The European Commission and the UK Government must seek to improve the speed of reaction to incidents such as the two adverse ones that were picked up outside the EU and I will be interested to hear the Minister’s suggestions about how that can be achieved. I believe there is general agreement between the Committee and the Government on the broad principles of the system and what needs to be changed. I hope hon. Members will agree that our inquiry shed some light on important issues affecting UK patient safety.
In conclusion, I will sum up our inquiry on the regulation of medical implants in the EU and the UK as a call for two things: better use of evidence in implant approvals and more transparency throughout the system. I hope we can find a way forward.
Stephen Mosley
The hon.
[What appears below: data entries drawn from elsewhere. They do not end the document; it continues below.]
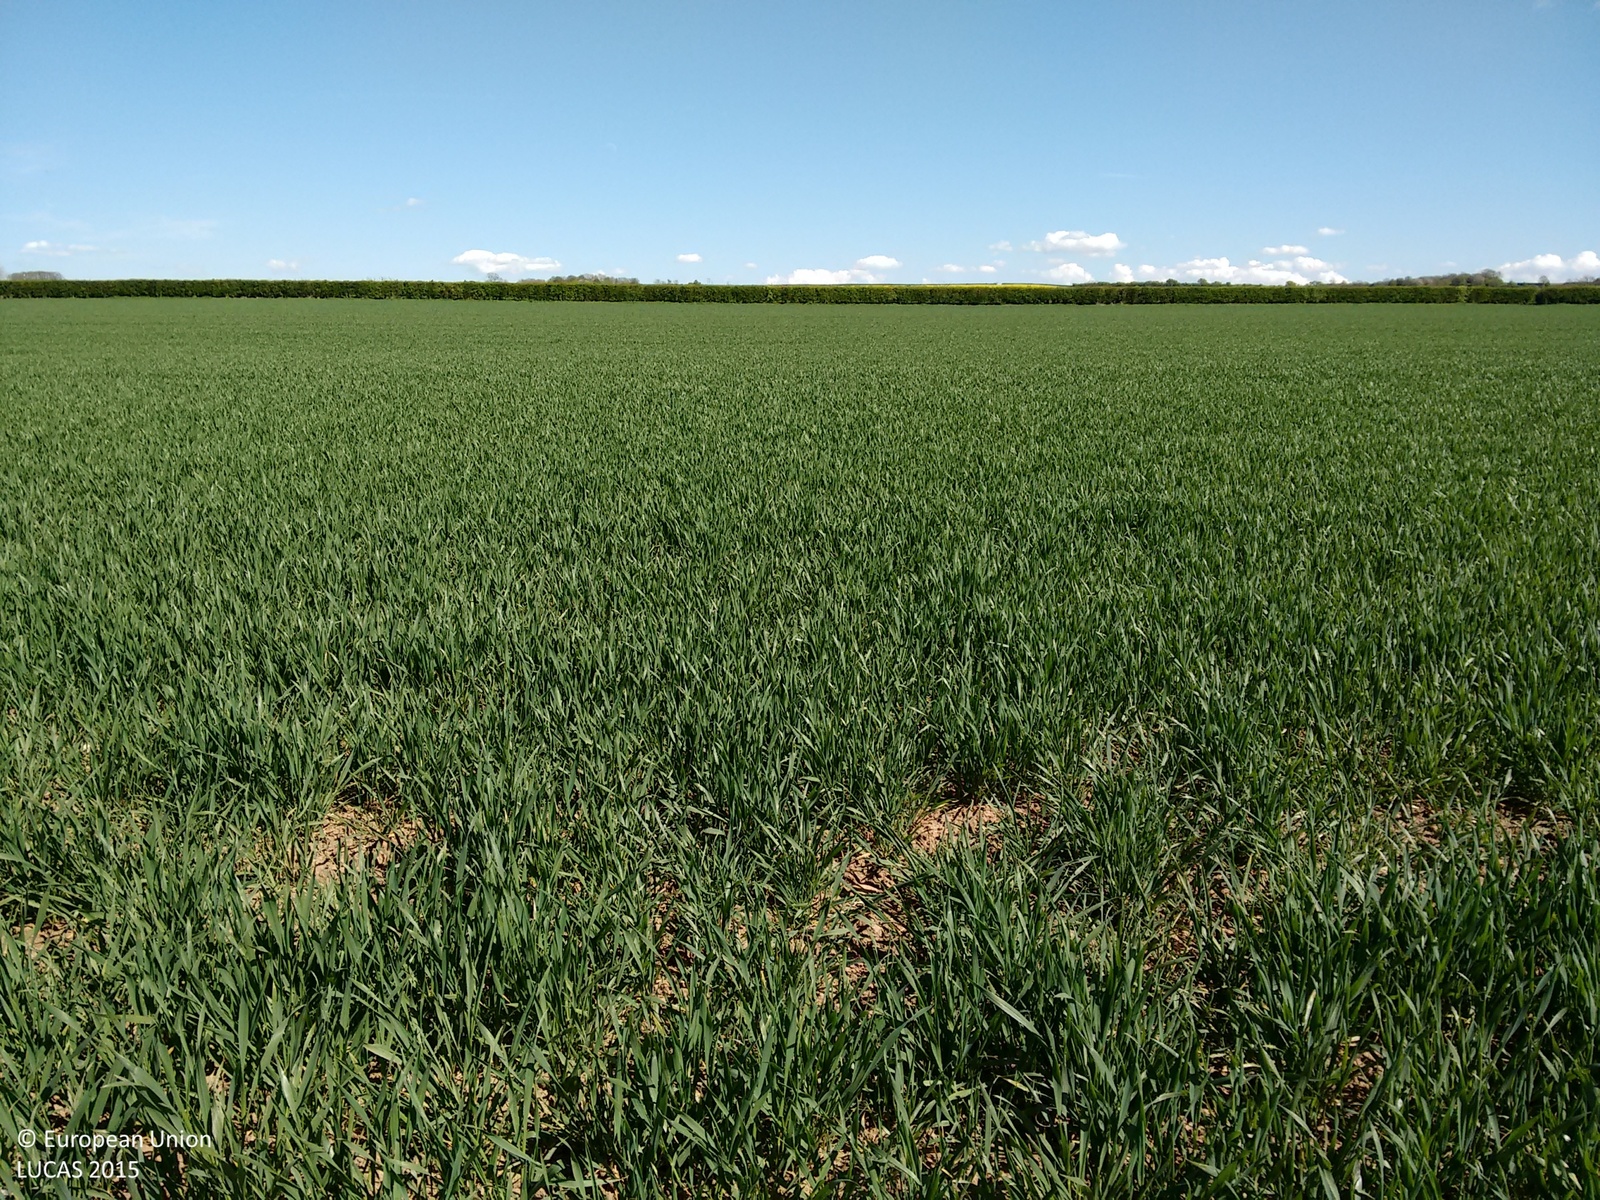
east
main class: Cropland
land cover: Barley
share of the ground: > 75 %
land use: Agriculture (excluding fallow land and kitchen gardens)
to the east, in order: Barley; Grass margins; Managed hedges; Grass margins; Paved roads, cycling and walking lanes; Grass margins; Managed hedges; Ditches and canals; Grassland without tree/shrub cover; Rape and turnip rape
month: April
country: GB
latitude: 53.2993
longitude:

Gentleman has gone through almost the entire checklist of points that I wanted to make. However, one aspect that he has not covered yet is self-reporting by patients. We heard examples in Committee and we suggested that it would be good practice if patients self-reported, which might allow problems to be picked up earlier than they are through the formal channels. Does the hon. Gentleman have any comments on self-reporting?
Andrew Miller
I have some ideas about how that can be developed. That angle, although not central to the inquiry, is important for the development of a registry. I gave an example of people being invited to opt out of a registry before anything else is put to them. What needs to be explained to them are the health benefits of working in a more collegiate way and sharing data, and they should be encouraged both for their personal health and for broader societal benefit to self-report. That is a hugely important area that we need to develop through better engagement between clinician and patient at the point when the procedure is about to start.
This is a complex subject and I do not envy the Minister his task in negotiating on it. Unfortunately, some regulators have demonstrably not maintained the standards that occur in most of the 27 countries, but in the interests of patient safety and the advancement of medical science it is vital that we work together and solve the problems that the report has highlighted.